WORLD OF WEATHER (CBS46) -- The Atlantic Hurricane season runs from June 1st through November 30th. These dates are when the ocean temperatures are warm enough to support Tropical systems to develop.
In order to have a tropical system, the ocean needs to be at least 80 degrees at the top 50 meters of the ocean. Because of this, only 12% of tropical systems form in June and July – the water just isn’t warm enough. The peak of the Atlantic hurricane season is September when the ocean waters are much warmer.
For a tropical system to develop, you need warm moist air for fuel and you need winds blowing over the warm ocean air. In the Atlantic, the winds blow westward across the Atlantic from Africa. At the beginning stages, a tropical system becomes a Tropical Depression when it has winds of 25-38mph.
It then becomes a tropical storm when it has winds of more than 39mph. This is also when it officially gets a name. It then becomes a hurricane when it has winds of more than 74 miles an hour. Once a system is a hurricane, it is given a category.

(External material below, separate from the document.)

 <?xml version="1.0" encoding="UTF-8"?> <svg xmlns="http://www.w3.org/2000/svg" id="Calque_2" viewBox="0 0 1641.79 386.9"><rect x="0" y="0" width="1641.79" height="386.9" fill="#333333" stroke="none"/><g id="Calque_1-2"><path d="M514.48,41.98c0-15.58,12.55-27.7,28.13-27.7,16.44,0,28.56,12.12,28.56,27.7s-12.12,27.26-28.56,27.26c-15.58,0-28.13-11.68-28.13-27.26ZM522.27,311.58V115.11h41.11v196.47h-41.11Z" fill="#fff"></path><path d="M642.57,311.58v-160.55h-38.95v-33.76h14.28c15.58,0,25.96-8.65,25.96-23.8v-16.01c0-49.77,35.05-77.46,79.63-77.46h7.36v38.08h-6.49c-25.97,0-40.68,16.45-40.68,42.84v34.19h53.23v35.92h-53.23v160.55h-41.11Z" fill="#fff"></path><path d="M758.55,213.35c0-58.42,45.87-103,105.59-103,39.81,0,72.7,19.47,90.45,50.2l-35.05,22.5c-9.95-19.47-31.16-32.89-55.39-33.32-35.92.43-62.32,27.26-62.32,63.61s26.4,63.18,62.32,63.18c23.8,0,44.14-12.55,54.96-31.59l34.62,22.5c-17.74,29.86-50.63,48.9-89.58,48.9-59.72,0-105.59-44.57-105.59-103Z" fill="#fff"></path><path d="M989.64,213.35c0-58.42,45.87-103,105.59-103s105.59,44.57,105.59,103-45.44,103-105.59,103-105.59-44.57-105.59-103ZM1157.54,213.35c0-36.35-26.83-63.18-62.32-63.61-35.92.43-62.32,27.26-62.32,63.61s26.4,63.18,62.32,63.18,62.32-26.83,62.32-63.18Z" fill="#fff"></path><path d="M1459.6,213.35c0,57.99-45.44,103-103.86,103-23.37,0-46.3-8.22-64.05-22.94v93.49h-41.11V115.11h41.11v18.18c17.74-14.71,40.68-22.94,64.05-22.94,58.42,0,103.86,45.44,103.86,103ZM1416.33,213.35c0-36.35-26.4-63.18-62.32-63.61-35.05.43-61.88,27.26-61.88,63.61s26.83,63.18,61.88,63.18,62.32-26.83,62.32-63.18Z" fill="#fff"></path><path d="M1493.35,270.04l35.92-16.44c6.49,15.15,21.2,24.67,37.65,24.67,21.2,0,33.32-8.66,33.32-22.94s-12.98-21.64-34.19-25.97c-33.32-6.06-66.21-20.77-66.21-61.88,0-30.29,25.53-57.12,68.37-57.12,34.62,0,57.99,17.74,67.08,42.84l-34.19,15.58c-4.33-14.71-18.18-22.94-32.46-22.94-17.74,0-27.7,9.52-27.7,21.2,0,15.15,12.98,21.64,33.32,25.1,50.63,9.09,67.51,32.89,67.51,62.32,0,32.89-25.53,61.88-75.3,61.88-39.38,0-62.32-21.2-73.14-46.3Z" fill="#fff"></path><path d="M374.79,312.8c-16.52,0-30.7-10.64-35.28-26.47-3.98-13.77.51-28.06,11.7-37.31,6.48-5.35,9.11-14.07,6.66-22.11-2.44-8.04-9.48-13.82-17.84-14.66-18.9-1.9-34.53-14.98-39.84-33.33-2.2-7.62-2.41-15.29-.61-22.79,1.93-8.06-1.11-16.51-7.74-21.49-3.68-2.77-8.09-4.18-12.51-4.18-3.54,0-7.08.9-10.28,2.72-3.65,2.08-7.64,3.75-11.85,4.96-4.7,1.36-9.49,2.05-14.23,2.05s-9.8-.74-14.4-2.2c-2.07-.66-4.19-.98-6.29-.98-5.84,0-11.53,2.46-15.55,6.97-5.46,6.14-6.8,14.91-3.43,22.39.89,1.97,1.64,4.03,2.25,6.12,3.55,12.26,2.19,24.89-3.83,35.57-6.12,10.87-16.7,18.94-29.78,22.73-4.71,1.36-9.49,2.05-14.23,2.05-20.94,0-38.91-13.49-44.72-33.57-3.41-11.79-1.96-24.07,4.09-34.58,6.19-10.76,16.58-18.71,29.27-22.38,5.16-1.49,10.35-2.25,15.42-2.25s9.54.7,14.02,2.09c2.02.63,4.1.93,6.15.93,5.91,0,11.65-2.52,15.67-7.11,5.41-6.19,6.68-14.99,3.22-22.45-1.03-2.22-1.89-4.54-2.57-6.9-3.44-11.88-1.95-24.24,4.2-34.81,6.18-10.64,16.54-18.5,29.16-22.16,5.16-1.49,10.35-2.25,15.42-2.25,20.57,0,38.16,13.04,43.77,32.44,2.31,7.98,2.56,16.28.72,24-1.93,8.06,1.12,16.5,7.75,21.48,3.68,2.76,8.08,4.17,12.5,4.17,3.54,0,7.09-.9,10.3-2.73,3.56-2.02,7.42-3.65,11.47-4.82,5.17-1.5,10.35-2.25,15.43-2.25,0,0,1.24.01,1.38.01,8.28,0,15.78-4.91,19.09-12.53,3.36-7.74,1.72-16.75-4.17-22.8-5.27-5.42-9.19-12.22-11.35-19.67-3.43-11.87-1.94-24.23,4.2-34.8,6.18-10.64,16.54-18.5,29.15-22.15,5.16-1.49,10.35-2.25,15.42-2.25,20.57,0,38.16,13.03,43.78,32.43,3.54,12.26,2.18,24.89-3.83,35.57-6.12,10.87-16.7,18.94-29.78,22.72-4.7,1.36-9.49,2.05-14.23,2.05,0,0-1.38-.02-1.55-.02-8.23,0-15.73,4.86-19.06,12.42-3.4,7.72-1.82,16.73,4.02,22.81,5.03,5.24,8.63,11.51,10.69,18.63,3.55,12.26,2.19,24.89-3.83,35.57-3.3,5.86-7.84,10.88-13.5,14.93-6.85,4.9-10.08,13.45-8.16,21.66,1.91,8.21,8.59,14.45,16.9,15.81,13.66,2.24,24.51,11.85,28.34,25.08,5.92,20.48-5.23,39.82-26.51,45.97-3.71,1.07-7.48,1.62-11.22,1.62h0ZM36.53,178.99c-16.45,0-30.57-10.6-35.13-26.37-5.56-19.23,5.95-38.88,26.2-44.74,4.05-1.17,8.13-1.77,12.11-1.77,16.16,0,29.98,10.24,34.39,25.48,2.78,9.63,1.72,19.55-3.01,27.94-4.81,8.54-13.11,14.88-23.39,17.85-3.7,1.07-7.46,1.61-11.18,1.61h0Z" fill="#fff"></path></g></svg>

The category given is based on the wind speeds and can fluctuate as the hurricane weakens or intensifies. The most destructive hurricanes are those with a category 3, 4, or 5. Those are classified as major hurricanes.
Tropical systems weaken as soon as they move over land because they are no longer being fed bye the warm ocean waters. Hurricanes, Typhoons, and Cyclones are all tropical system. They are just given different names depending on where in the world they occur.